Opening Phase

Setting Intentions

Before it begins, the coach should set the intentions for the rest of the session. There should be a small, tight explanation of what the focus will be and why it's important. For example, if the coach has noticed the majority of students struggling with a certain position, they should state "We're going to focus on (position) and some related principles today because I've noticed many of you are getting stuck there."

If the session has new students or students who have never experienced the FCS before, it's worth taking a very brief (1-2 minutes) period of time to explain the overall ideas behind the structure. This is to ensure there isn't any confusion during the session that leads to wasted training time. The coach should also ask about experience levels and anything students have been struggling with recently, as they can incorporate that feedback into the session.

Although this is not a mandatory step, coaches can also structure the session so that it's a series of related situations. For example, you may start with guard passing games, then half-guard, then side control. This mimics each step of the process of passing the guard and gives students a chance to develop solutions along the way.

However, randomizing the structure also substantial value. One set of situations should not be focused on for too long, and there should be periodic interruptions to the expected structure in order to keep learning fresh and interesting for both students and coaches.

Although it may feel wrong to coaches schooled in the Traditional Method, much of effective coaching involves keeping students engaged through variation and randomization. Human brains only care about novelty, so students will lose interest if training stops feeling new and interesting.

Traditional Warmups

The Traditional Method puts an emphasis on specific, individual movements as a way to open up a training session, which often includes strenuous amounts of calisthenics. Some gyms go as far as to make this a key component of their training, with the "warm up" acting as a form of exercise class that takes up substantial amounts of time.

There are two problems with this approach:

  1. There's only so much time a coach or a student can dedicate to skill development, and using any of that time for pure exercise or to drill a static movement is time not spent getting better.

  2. Exhausting students ahead of time means their brains and bodies have less energy that can be dedicated to learning.
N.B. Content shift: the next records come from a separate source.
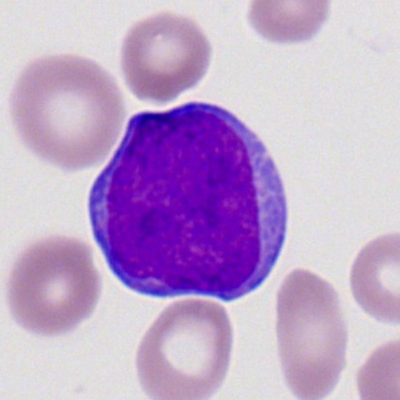 Q: What cell is this?
A: This is a myeloid blast.
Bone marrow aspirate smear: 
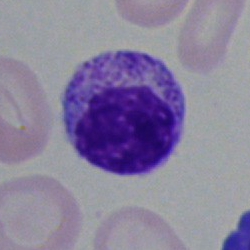Specimen: bone marrow aspirate smear.
Classification: myelocyte.
Lineage: myeloid.
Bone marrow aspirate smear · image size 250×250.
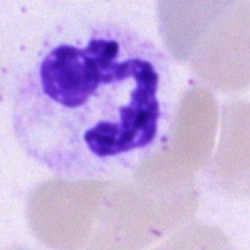Impression — segmented neutrophil.
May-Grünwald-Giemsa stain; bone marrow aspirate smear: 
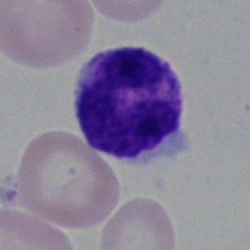
Specimen: bone marrow smear.
Classification: segmented neutrophil.
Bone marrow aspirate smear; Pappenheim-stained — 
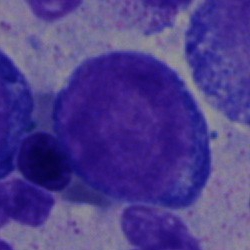

The cell shown is a proerythroblast.
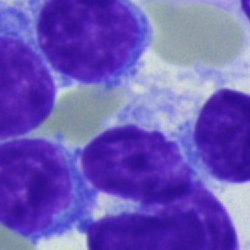
{"cell_type": "typical lymphocyte", "lineage": "lymphoid"}
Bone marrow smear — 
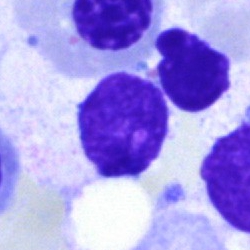

Impression → artefact.
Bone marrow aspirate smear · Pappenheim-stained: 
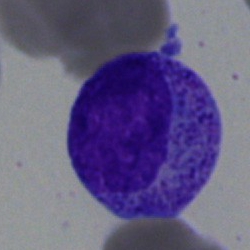 Morphology consistent with a progranulocyte.
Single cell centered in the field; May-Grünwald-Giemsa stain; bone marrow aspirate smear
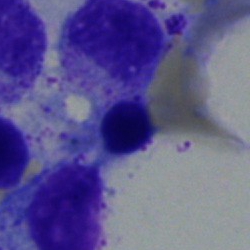Q: What is shown here?
A: It is a normoblast.
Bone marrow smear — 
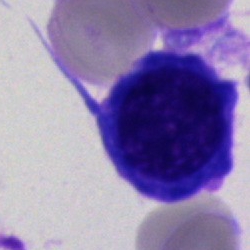 {"cell_type": "nucleated red cell", "lineage": "erythroid"}
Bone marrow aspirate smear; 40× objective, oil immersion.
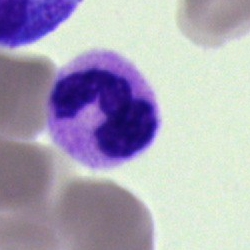
This is a neutrophil (segmented).
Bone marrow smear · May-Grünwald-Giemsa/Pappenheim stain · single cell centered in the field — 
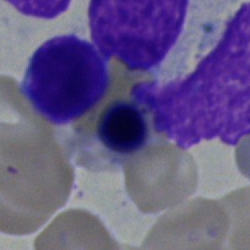The morphological class is erythroblast.
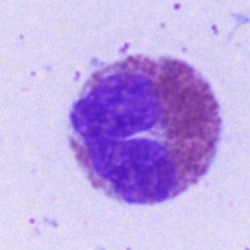
Specimen: bone marrow smear.
Classification: eosinophilic granulocyte.
Lineage: myeloid.
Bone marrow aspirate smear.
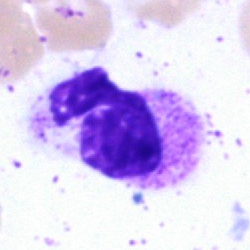

Cell type: neutrophil (segmented).
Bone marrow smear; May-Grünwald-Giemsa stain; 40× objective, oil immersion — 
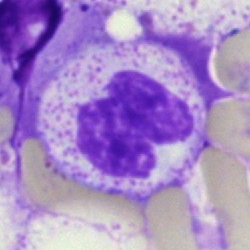

Q: What cell is this?
A: This is a polymorphonuclear neutrophil.
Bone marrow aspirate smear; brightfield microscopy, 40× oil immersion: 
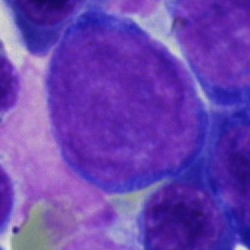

If a coach does insist on conditioning as part of their training routine, it should be at the end of a session to ensure that students can focus as much as possible during time for skill development.

A coach should view skill development in binary phases that are best left separated: conditioning and skill work. If you want to get your athletes in better shape, then do conditioning sessions with them. But if your goal is to get them better at the sport, skill development should be the exclusive focus. A certain amount of conditioning will always come with the territory, but it's a mistake to try to blend it with skill acquisition or favor it entirely.

Another common Traditional Method practice is to open with "flow rolling/sparring," where players drill with just above zero resistance. Although it's an improvement over pure drilling or conditioning, it still doesn't accomplish much given the lack of live resistance.

Warmup Games

Rather than drilling or flowing, coaches should open the session with games that are simple, somewhat physically taxing, and in line with the intentions of the day.

For example, if the intention is to focus on wrestling, then the opening game should be related in some way to wrestling. A warmup game that works in this context is the "knee tap game," where students have to maintain a wrestling stance at all times, then tap or grab the knee of their opponent. This develops leg awareness and lets them explore setups in a relatively safe, constrained way.

You could then follow that up with live arm pummeling, which is also constrained, safe and a good introduction to an important wrestling concept.

Generally speaking, in FCS sessions there are two warmup games played. There are times when there are either no warmup games (the session goes straight to other games), or the warmup games are unrelated. Both types of deviations exist to randomize the training environment and keep students engaged.